2D Dynamic Programming Interview Patterns

2D DP Pattern Overview

2D dynamic programming problems use a 2D table where dp[i][j] represents the optimal value considering only the first i rows and j columns (or first i characters of string 1 and j characters of string 2). The key is defining what dp[i][j] means precisely, establishing base cases for empty prefixes, and identifying the recurrence from neighbors.

Unique Paths (LC 62)

Count paths from top-left to bottom-right of an m x n grid, moving only right or down.

def uniquePaths(m: int, n: int) -> int:
    # dp[i][j] = number of ways to reach cell (i, j)
    # can only arrive from above (i-1,j) or from the left (i,j-1)
    dp = [[1] * n for _ in range(m)]  # base case: first row and col = 1

    for i in range(1, m):
        for j in range(1, n):
            dp[i][j] = dp[i-1][j] + dp[i][j-1]

    return dp[m-1][n-1]

# Space optimization: current row depends only on previous row
def uniquePaths_O_n(m: int, n: int) -> int:
    dp = [1] * n
    for i in range(1, m):
        for j in range(1, n):
            dp[j] += dp[j-1]  # dp[j] still holds prev row value before update
    return dp[n-1]

Time O(mn), space O(mn) full table or O(n) with rolling array. Base case: every cell in the first row and first column has exactly 1 path (only one way to reach them – all right or all down).

Unique Paths with Obstacles (LC 63)

Same recurrence, but obstacle cells get dp[i][j] = 0, and base case initialization must skip obstacles.
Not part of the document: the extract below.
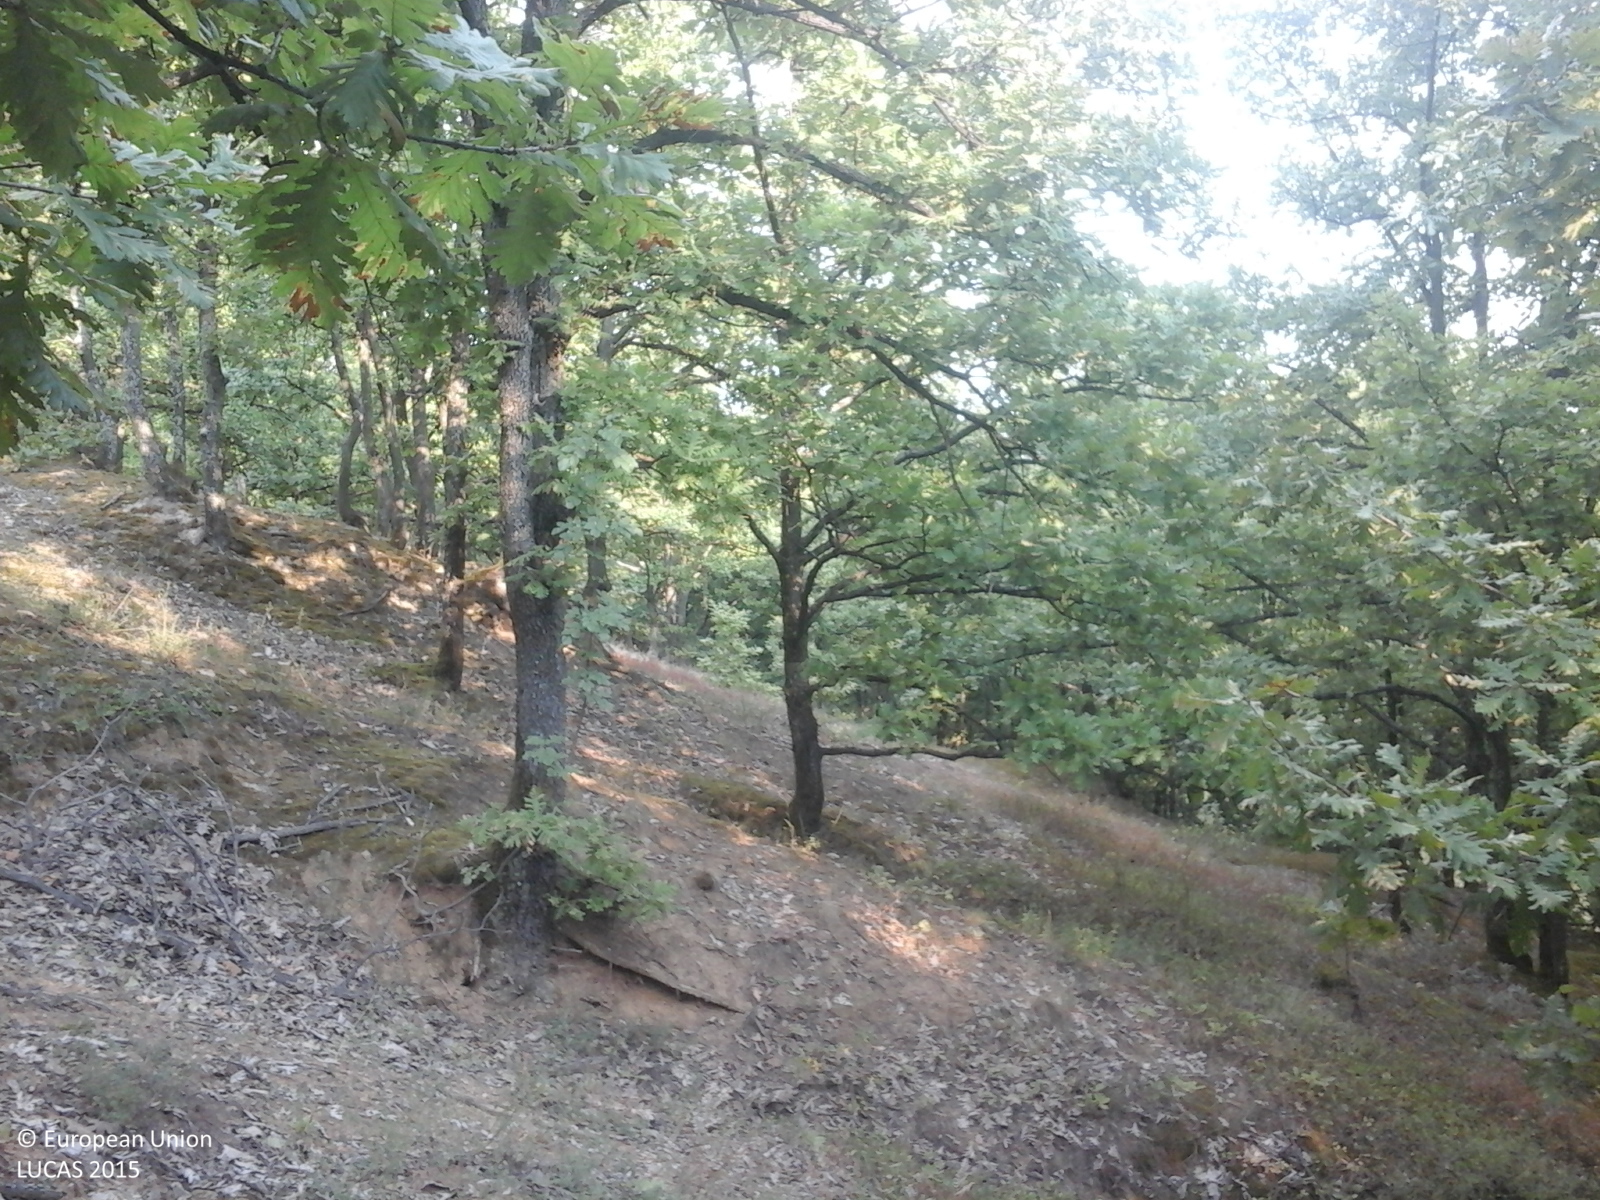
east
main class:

def uniquePathsWithObstacles(grid: list[list[int]]) -> int:
    m, n = len(grid), len(grid[0])
    dp = [[0] * n for _ in range(m)]

    # First column: once you hit an obstacle, all cells below are 0
    for i in range(m):
        if grid[i][0] == 1:
            break
        dp[i][0] = 1

    # First row: same idea horizontally
    for j in range(n):
        if grid[0][j] == 1:
            break
        dp[0][j] = 1

    for i in range(1, m):
        for j in range(1, n):
            if grid[i][j] == 1:
                dp[i][j] = 0
            else:
                dp[i][j] = dp[i-1][j] + dp[i][j-1]

    return dp[m-1][n-1]

Minimum Path Sum (LC 64)

Find the path from top-left to bottom-right (moving right or down) with the minimum sum of grid values.
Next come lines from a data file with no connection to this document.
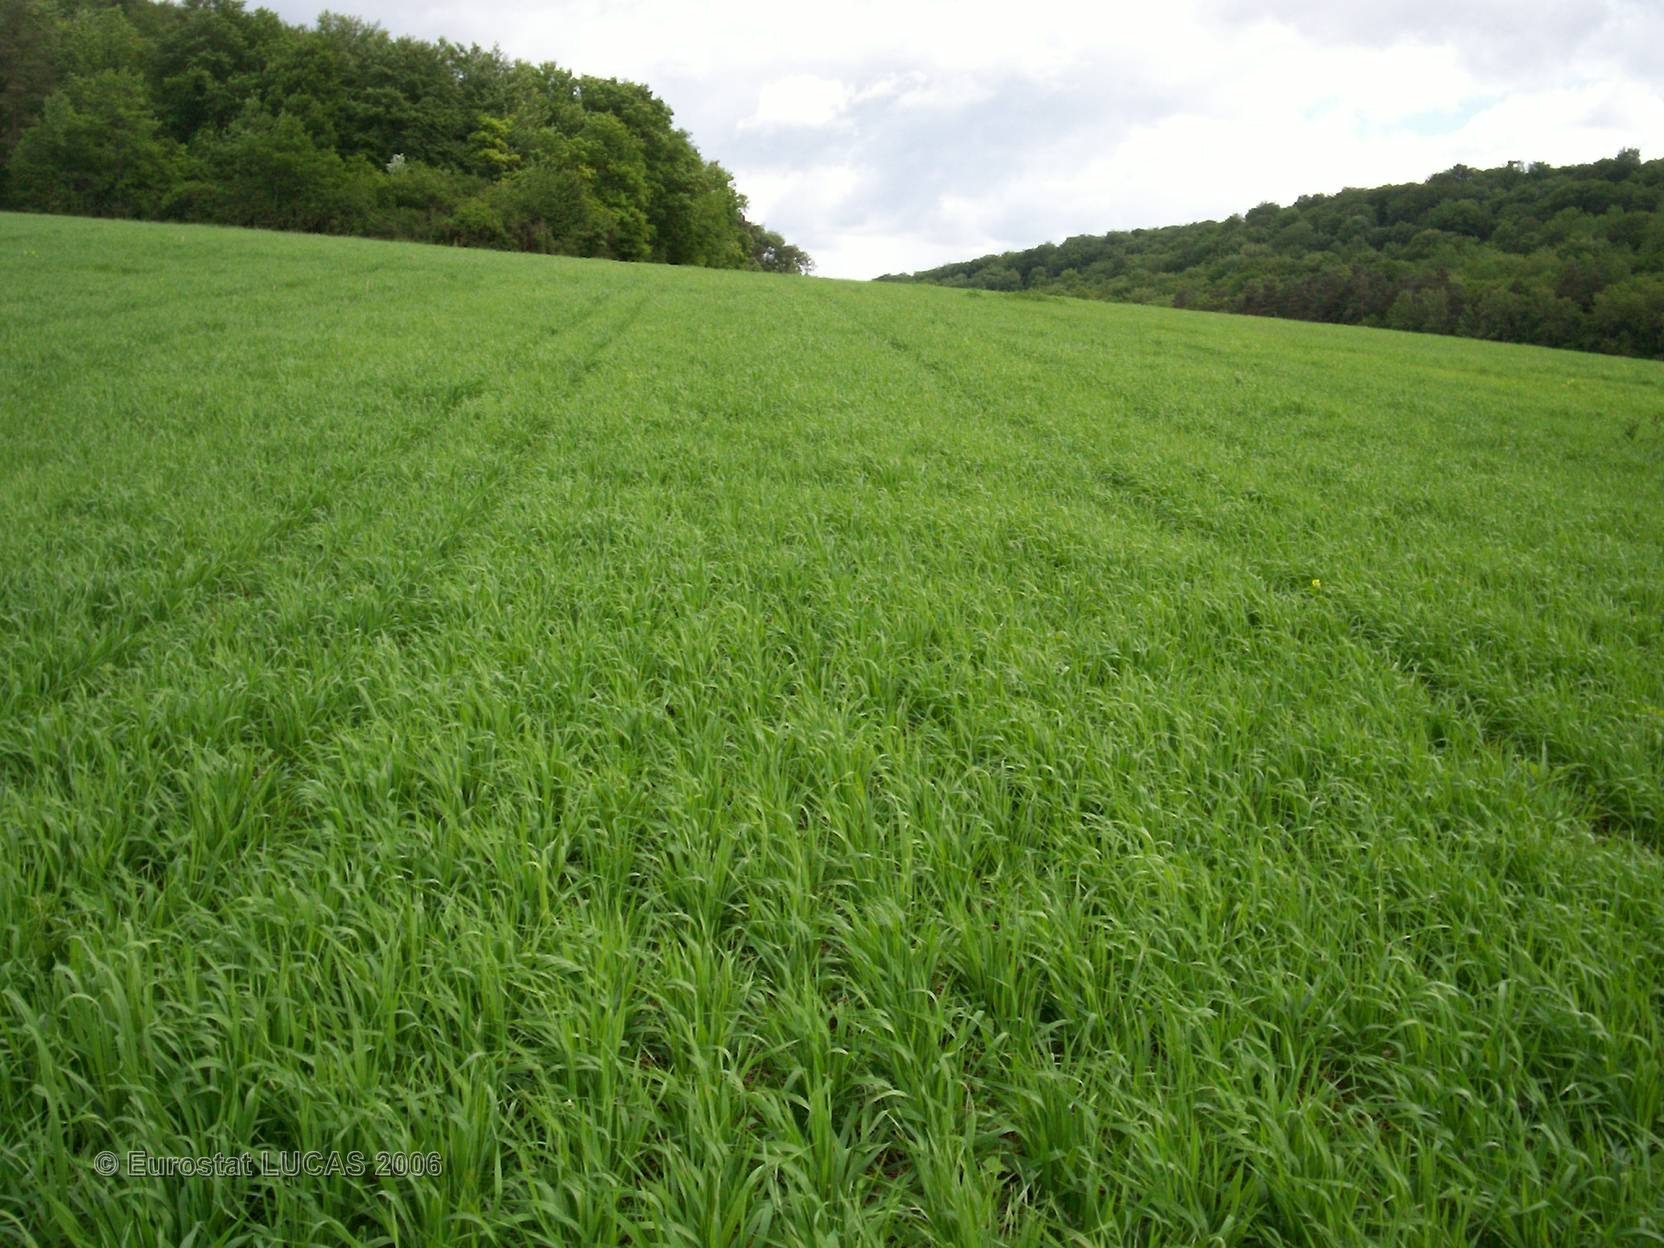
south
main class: Cropland
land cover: Barley
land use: Agriculture (excluding fallow land and kitchen gardens)
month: May
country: FR
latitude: 48.2035
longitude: 4.6832

def minPathSum(grid: list[list[int]]) -> int:
    m, n = len(grid), len(grid[0])
    dp = [[0] * n for _ in range(m)]
    dp[0][0] = grid[0][0]

    for j in range(1, n):
        dp[0][j] = dp[0][j-1] + grid[0][j]
    for i in range(1, m):
        dp[i][0] = dp[i-1][0] + grid[i][0]

    for i in range(1, m):
        for j in range(1, n):
            dp[i][j] = grid[i][j] + min(dp[i-1][j], dp[i][j-1])

    return dp[m-1][n-1]

Maximal Square (LC 221)

Find the largest square of ‘1’s in a binary matrix. dp[i][j] = side length of the largest square whose bottom-right corner is at (i, j).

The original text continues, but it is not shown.